A little less than a month ago, there was really good reason to worry about the Florida Gators baseball team.
On April 8, Florida had just dropped a second consecutive one-run game in extra innings to SEC cellar-dweller Tennessee to seal a series loss to the Vols. Those two wins remain a third of Tennessee’s wins in SEC play, and are a quarter of the Vols’ road triumphs this season.
The next day brought a Sunday win that salvaged the series, avoiding a sweep at home, but Florida’s SEC record at that moment stood at 6-6, and even in a deep and brutal conference, it seemed unlikely that the Gators would be able to scratch together enough wins to compete for a title.
Since that day, Florida has put together a sterling 12-2 record — and has vaulted from 6-6 to 13-8 in conference play, good enough to lurk one game back of 14-7 Kentucky with two weekends of the regular season remaining.
And, maybe better than that, the Gators have found a new and better way to win.
Over that 12-2 span, Florida has finally gotten its bats going this season. Eight of those games featured six or more Gators runs, and their 82 runs over the 14 games is a clip of 5.9 runs per game — almost a run and a half more than the 4.5 Florida had managed over its first 31 contests.
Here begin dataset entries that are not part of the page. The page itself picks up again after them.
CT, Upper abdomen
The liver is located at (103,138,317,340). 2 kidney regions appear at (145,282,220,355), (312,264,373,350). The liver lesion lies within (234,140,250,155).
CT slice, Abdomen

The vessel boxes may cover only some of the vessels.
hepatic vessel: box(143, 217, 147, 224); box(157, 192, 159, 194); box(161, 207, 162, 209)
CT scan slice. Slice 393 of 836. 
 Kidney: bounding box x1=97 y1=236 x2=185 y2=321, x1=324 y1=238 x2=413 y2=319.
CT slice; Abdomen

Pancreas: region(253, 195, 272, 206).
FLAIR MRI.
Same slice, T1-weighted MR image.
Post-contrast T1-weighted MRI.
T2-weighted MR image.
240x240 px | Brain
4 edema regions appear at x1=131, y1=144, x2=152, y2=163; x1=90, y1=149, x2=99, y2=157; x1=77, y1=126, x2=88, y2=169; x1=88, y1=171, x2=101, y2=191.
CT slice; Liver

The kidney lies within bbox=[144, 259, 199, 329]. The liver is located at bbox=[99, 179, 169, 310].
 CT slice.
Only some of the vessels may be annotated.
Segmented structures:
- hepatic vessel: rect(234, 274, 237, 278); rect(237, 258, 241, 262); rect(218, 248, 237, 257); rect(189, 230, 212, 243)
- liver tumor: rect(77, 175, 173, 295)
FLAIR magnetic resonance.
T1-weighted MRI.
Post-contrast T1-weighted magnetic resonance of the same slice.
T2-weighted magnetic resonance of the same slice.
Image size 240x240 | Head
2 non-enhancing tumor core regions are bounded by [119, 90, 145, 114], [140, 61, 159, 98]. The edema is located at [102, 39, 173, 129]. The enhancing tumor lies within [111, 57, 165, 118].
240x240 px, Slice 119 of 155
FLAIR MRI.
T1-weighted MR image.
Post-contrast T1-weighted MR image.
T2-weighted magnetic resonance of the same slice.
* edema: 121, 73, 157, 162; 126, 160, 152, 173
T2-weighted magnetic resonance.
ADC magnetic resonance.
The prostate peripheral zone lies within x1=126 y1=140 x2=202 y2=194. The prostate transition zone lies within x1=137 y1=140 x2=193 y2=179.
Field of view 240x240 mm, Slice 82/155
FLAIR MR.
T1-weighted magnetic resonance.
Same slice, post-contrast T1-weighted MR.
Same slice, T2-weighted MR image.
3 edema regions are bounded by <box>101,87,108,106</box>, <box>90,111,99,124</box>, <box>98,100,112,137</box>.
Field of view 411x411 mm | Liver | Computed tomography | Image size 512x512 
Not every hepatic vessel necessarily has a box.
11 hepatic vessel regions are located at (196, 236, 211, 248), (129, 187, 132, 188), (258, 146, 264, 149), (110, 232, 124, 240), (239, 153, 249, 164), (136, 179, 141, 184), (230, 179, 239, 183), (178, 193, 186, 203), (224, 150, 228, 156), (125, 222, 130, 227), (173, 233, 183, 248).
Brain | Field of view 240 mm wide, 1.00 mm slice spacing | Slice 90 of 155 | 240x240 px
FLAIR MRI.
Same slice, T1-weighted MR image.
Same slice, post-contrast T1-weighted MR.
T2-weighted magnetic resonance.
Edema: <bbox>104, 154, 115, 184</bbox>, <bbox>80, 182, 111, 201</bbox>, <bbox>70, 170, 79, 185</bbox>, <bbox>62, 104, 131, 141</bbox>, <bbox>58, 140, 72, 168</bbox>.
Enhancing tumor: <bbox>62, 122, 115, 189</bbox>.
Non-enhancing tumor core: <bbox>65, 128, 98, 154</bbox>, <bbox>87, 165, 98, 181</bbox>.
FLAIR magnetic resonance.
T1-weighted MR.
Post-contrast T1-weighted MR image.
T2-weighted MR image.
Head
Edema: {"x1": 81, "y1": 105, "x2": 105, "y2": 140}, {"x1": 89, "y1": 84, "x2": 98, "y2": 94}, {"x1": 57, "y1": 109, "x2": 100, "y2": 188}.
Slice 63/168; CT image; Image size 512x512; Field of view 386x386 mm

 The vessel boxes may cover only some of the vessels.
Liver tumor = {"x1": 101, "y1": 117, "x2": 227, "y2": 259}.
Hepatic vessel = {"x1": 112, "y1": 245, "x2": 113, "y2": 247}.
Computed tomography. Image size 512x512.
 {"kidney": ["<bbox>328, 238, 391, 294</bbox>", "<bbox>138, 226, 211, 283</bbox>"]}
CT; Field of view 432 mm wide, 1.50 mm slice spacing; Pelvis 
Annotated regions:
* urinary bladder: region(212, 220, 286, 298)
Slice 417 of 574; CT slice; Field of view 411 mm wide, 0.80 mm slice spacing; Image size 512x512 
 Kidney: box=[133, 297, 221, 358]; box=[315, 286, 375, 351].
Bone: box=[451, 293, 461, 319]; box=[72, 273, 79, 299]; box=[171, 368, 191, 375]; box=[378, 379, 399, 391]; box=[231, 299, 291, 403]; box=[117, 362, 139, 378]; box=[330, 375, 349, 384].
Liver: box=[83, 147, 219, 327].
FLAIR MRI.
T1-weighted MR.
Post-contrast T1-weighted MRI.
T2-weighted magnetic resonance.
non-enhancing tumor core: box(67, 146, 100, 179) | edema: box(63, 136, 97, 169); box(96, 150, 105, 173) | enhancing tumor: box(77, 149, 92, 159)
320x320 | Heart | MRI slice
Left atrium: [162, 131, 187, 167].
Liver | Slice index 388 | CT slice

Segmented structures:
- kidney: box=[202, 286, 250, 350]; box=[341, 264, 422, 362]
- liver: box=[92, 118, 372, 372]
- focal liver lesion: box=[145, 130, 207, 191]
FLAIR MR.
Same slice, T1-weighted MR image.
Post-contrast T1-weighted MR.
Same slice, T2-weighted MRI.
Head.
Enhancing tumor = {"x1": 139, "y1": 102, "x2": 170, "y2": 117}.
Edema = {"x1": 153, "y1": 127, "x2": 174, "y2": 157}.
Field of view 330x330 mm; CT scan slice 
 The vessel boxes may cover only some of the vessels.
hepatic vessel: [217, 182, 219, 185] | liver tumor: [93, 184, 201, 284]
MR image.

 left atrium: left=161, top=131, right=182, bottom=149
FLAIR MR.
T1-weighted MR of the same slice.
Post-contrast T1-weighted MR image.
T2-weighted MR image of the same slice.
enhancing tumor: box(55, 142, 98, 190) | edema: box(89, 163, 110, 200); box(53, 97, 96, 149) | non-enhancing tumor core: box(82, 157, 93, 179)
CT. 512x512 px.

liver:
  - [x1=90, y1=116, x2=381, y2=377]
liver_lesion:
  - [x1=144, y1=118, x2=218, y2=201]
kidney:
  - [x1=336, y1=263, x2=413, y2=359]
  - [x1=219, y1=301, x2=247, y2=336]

That’s a healthy, portentious surge. 5.9 runs per game would be good for only a rank somewhere in the 110s nationally, but Florida is at 5.0 runs per game for the season after this upswing, and that’s only good for No. 221. The 4.5 runs per game mark had the Gators in the nation’s bottom 50 offenses, a pitifully poor showing for an offense with a lot of aspiring pros in the lineup.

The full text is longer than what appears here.